Supplied information:
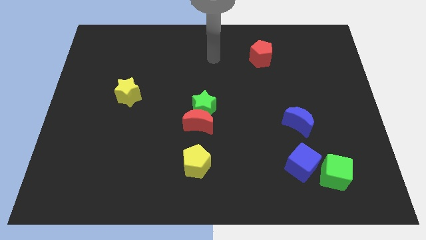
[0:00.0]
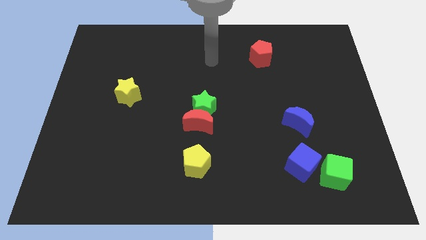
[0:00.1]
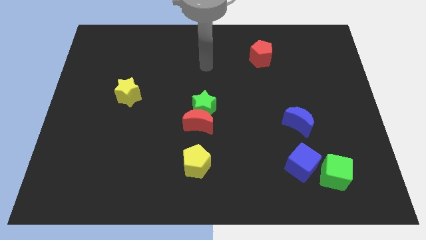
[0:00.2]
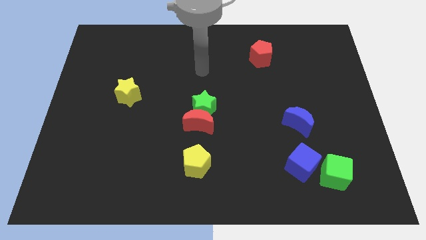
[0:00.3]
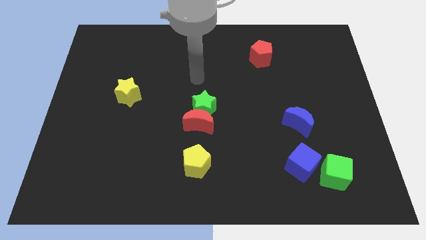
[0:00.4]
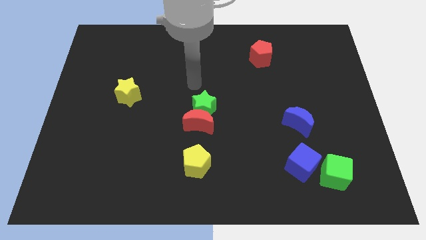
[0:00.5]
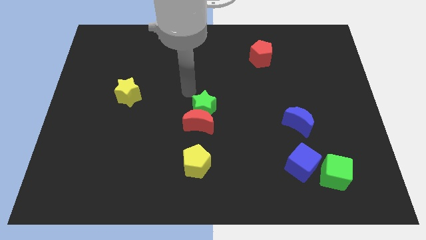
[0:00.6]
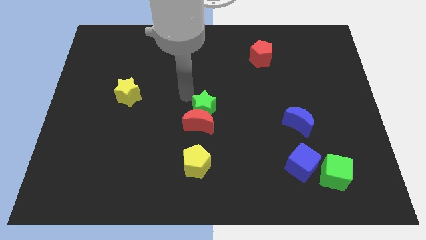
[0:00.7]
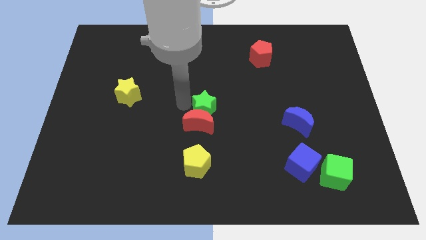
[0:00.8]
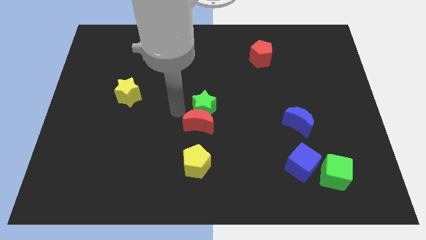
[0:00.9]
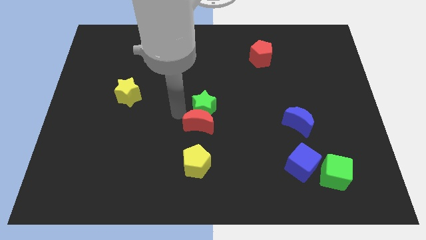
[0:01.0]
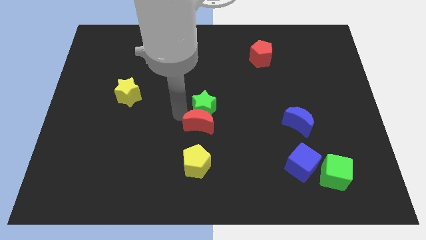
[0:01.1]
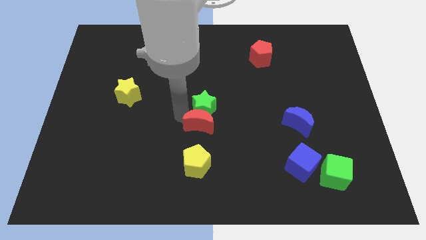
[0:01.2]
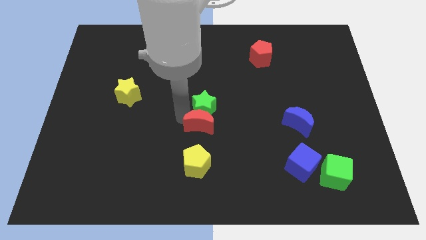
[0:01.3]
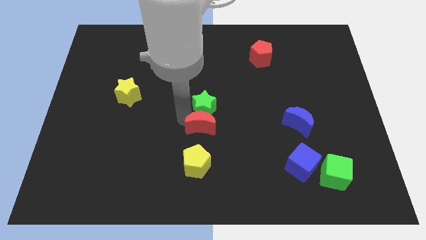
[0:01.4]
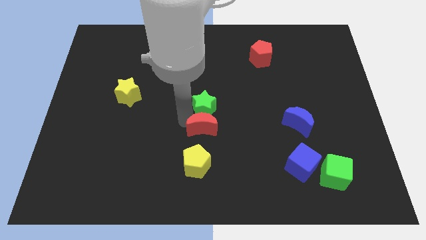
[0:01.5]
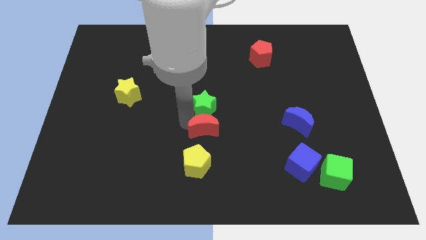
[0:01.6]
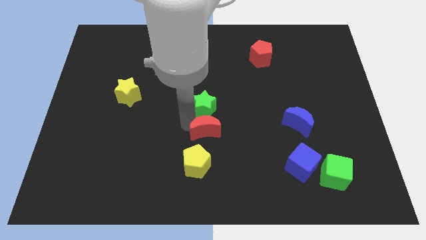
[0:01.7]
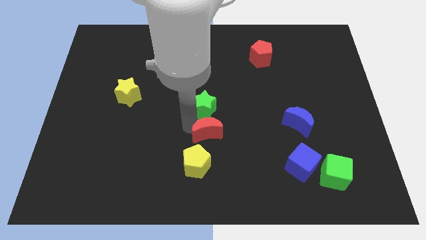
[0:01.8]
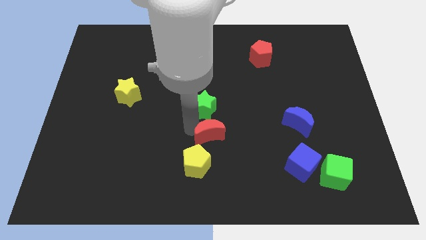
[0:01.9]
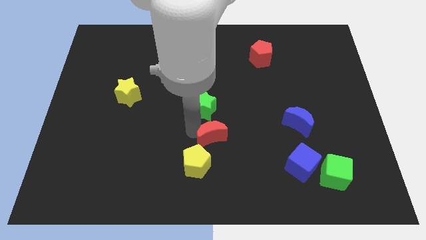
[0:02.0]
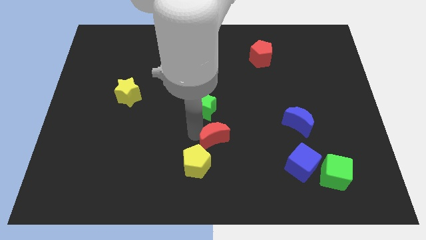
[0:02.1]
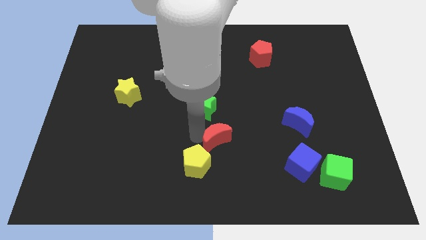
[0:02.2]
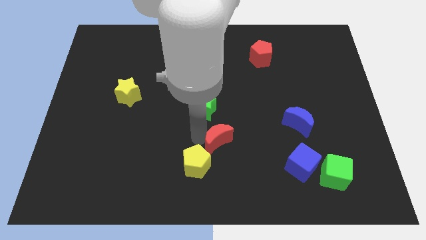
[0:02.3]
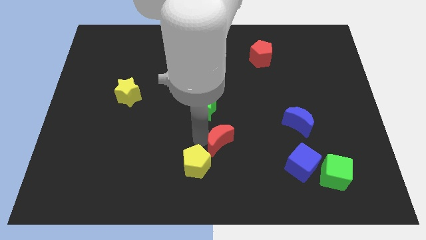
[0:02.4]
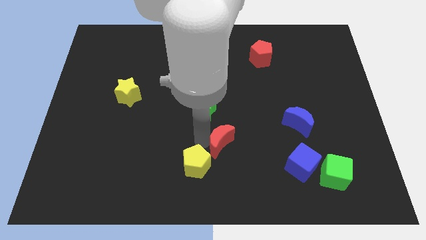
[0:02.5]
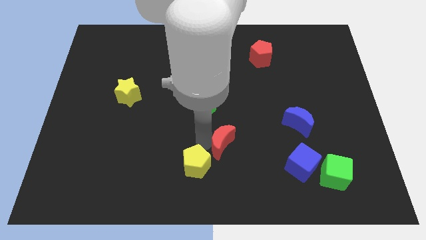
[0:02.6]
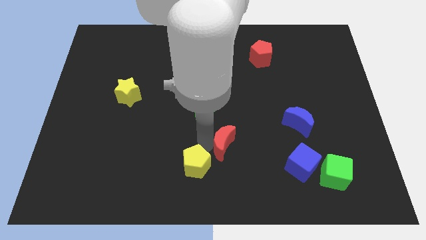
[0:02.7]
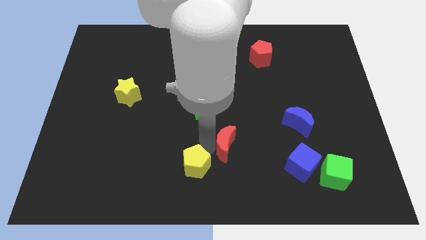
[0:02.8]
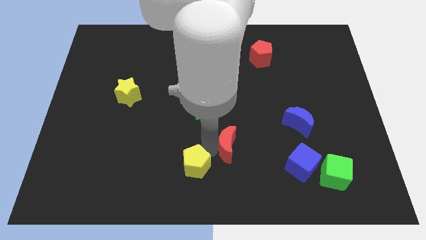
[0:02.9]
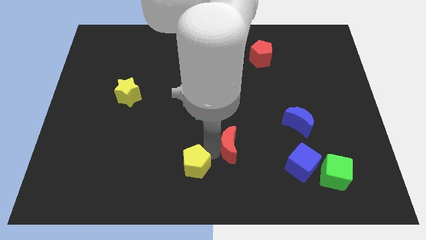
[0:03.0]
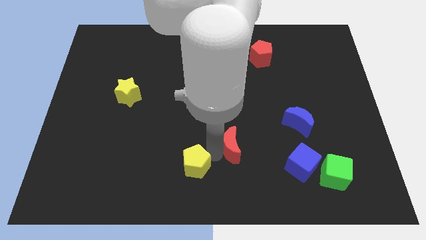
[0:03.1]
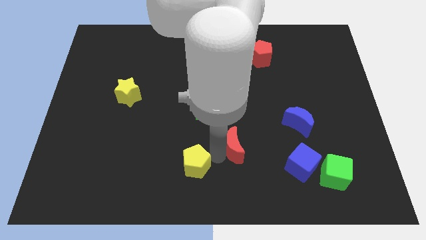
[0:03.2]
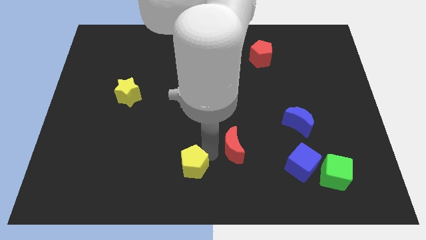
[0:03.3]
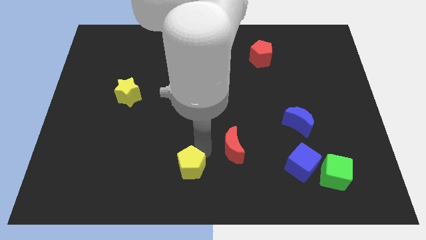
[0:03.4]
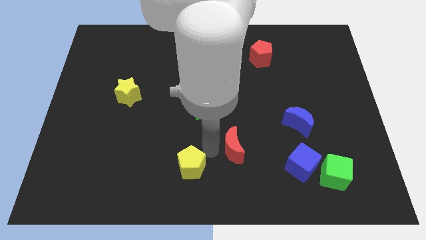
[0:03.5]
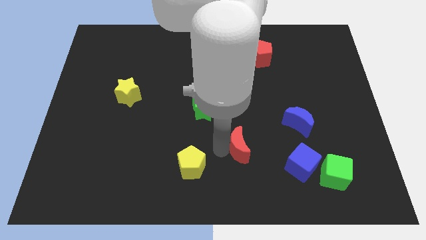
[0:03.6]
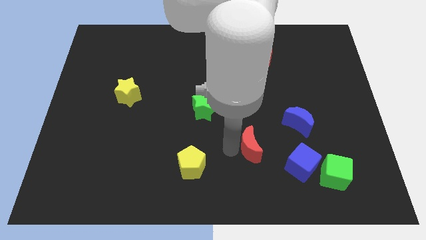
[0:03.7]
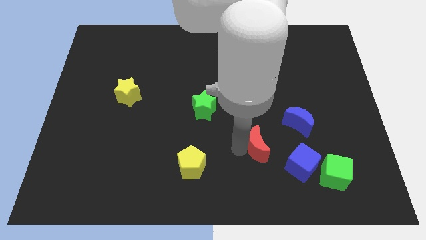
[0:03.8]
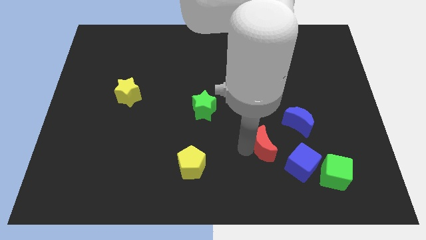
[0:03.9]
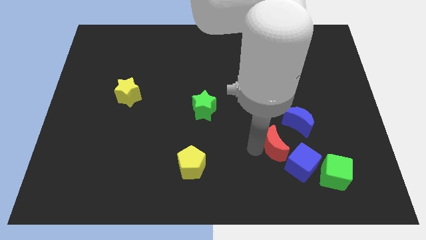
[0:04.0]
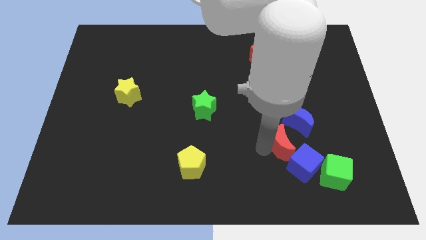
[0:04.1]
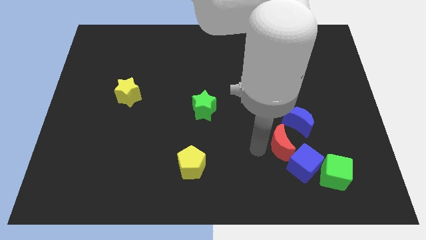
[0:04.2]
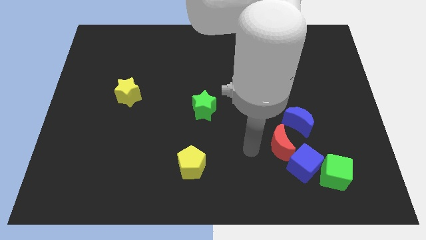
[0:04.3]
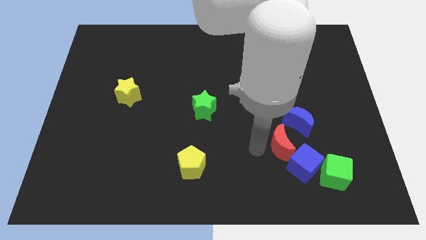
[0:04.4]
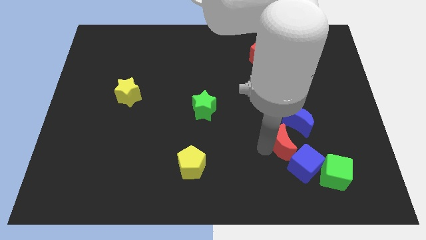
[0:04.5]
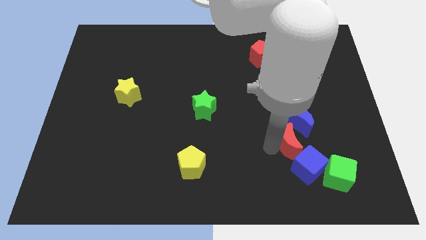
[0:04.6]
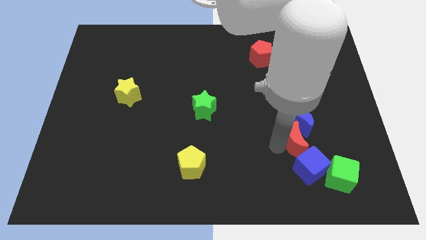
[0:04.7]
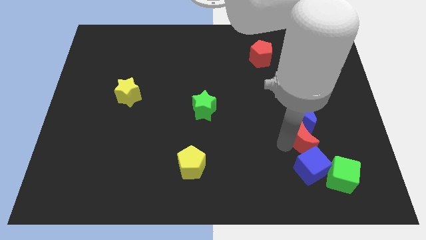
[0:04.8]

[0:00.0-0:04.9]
move the red moon to the bottom right of the blue moon

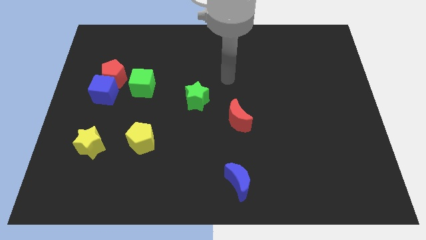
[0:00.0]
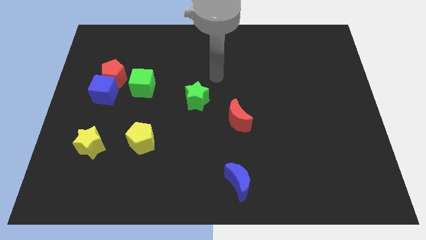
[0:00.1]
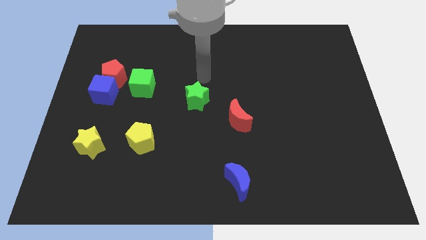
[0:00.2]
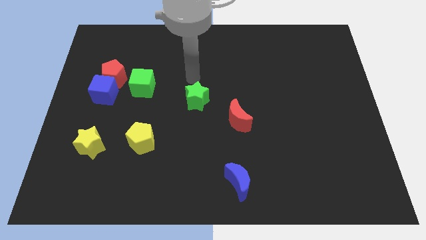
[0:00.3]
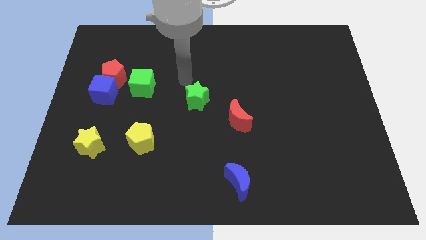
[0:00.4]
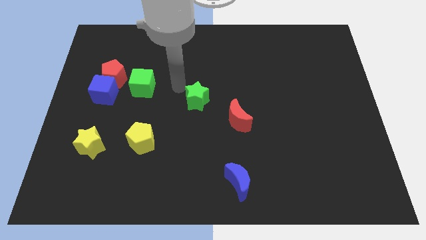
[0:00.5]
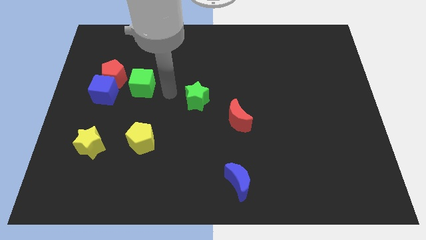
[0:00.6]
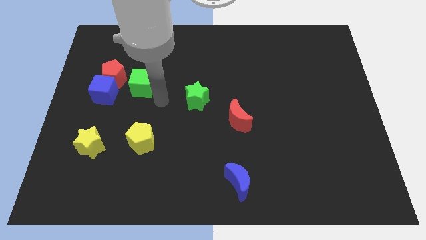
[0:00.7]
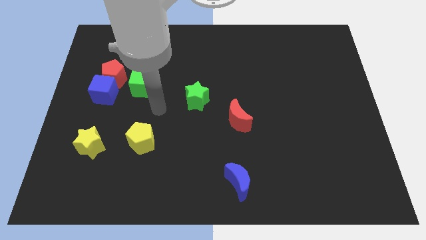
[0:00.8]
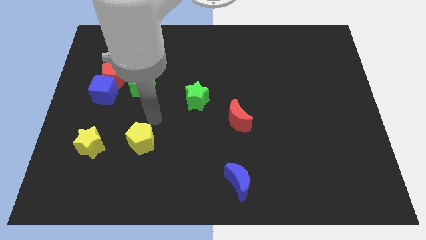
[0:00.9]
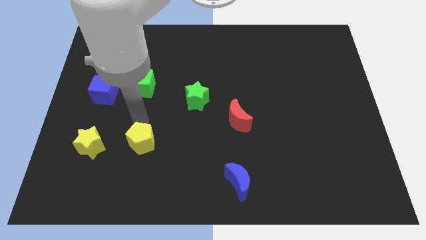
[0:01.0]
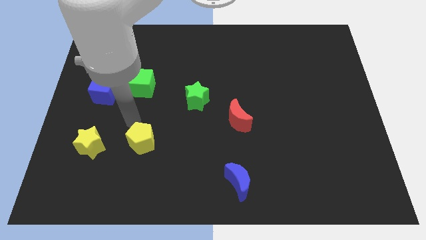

Directions: Set the entire listing down again, exact in every line, without any pictures.

Solved problem:
[0:00.0]
[0:00.1]
[0:00.2]
[0:00.3]
[0:00.4]
[0:00.5]
[0:00.6]
[0:00.7]
[0:00.8]
[0:00.9]
[0:01.0]
[0:01.1]
[0:01.2]
[0:01.3]
[0:01.4]
[0:01.5]
[0:01.6]
[0:01.7]
[0:01.8]
[0:01.9]
[0:02.0]
[0:02.1]
[0:02.2]
[0:02.3]
[0:02.4]
[0:02.5]
[0:02.6]
[0:02.7]
[0:02.8]
[0:02.9]
[0:03.0]
[0:03.1]
[0:03.2]
[0:03.3]
[0:03.4]
[0:03.5]
[0:03.6]
[0:03.7]
[0:03.8]
[0:03.9]
[0:04.0]
[0:04.1]
[0:04.2]
[0:04.3]
[0:04.4]
[0:04.5]
[0:04.6]
[0:04.7]
[0:04.8]

[0:00.0-0:04.9]
move the red moon to the bottom right of the blue moon

[0:00.0]
[0:00.1]
[0:00.2]
[0:00.3]
[0:00.4]
[0:00.5]
[0:00.6]
[0:00.7]
[0:00.8]
[0:00.9]
[0:01.0]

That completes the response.